| WHAT THE TASK REQUIRES |
Look through the data below and output, unchanged, every line from the one holding "Options: no, yes" through the one holding "Pleural thickening: negative", inclusive. Skip the pictures.

****************

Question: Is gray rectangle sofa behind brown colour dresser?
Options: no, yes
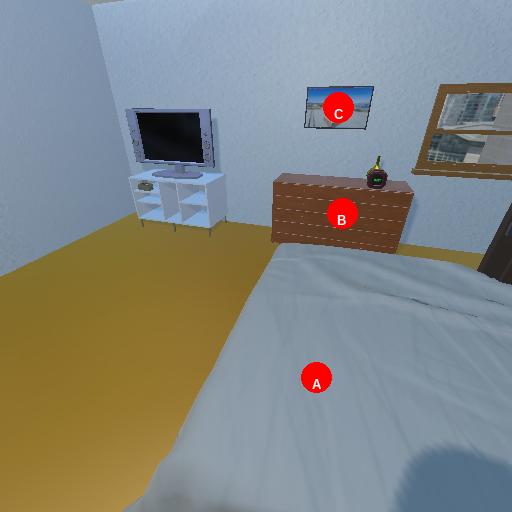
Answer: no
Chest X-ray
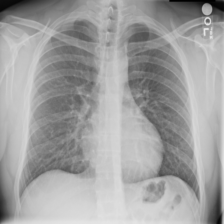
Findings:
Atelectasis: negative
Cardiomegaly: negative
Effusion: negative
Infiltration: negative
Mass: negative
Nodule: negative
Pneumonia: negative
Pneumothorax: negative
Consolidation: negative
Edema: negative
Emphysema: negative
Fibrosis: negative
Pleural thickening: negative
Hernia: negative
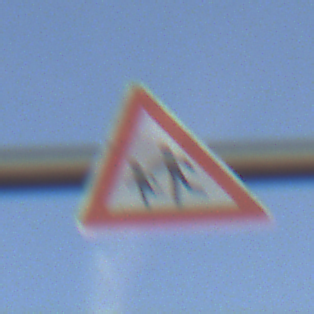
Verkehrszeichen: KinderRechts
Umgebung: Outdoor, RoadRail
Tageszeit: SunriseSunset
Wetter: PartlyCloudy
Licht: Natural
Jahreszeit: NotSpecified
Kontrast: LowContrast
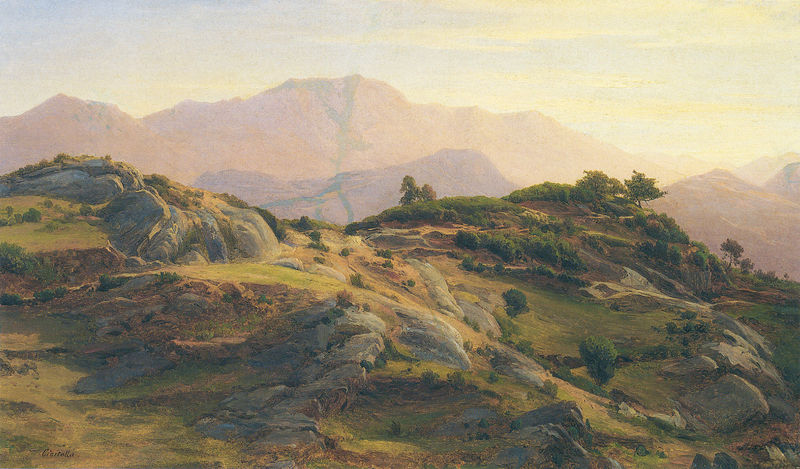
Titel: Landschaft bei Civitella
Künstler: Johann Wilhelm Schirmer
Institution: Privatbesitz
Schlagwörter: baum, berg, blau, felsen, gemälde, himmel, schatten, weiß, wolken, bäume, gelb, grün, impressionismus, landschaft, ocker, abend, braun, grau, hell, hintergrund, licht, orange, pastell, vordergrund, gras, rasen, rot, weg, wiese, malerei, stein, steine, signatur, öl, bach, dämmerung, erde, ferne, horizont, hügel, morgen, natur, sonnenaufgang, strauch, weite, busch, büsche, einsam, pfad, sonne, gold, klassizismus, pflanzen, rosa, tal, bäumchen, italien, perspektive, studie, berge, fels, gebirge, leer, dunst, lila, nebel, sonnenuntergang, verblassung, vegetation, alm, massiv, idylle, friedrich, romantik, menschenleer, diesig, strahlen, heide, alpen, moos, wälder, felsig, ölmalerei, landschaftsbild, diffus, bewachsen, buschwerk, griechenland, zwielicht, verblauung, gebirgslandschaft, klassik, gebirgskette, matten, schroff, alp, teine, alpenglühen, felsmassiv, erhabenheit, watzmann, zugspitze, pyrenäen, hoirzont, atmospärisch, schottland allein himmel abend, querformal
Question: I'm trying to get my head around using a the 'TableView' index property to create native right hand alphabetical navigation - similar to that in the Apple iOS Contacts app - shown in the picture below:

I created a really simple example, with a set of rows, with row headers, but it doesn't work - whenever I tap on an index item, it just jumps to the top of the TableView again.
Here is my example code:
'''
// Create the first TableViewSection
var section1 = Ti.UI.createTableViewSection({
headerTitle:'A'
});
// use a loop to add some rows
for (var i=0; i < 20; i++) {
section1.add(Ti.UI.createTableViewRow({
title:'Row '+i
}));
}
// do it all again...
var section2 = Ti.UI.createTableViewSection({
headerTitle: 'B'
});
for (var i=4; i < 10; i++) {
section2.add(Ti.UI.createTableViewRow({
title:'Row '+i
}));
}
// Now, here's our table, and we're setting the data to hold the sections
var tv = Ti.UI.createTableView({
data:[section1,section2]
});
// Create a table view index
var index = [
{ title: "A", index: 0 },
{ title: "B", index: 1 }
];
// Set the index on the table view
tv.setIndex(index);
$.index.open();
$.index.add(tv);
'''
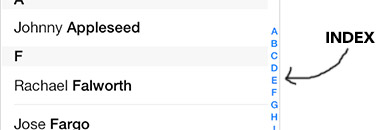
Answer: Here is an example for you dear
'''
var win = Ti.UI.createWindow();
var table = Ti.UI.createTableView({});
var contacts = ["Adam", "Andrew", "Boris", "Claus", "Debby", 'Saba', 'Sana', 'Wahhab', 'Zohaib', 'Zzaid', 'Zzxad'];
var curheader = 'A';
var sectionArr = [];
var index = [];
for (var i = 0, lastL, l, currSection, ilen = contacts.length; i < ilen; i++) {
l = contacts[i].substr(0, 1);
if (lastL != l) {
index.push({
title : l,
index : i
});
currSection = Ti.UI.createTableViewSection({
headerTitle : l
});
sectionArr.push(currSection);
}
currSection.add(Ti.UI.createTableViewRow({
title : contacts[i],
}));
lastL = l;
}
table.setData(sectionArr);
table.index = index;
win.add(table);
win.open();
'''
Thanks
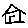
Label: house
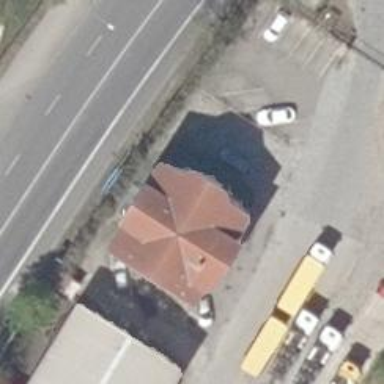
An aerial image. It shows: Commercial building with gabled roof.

****************

| YOUR RESPONSE |
Options: no, yes
Answer: no
Chest X-ray
Findings:
Atelectasis: negative
Cardiomegaly: negative
Effusion: negative
Infiltration: negative
Mass: negative
Nodule: negative
Pneumonia: negative
Pneumothorax: negative
Consolidation: negative
Edema: negative
Emphysema: negative
Fibrosis: negative
Pleural thickening: negative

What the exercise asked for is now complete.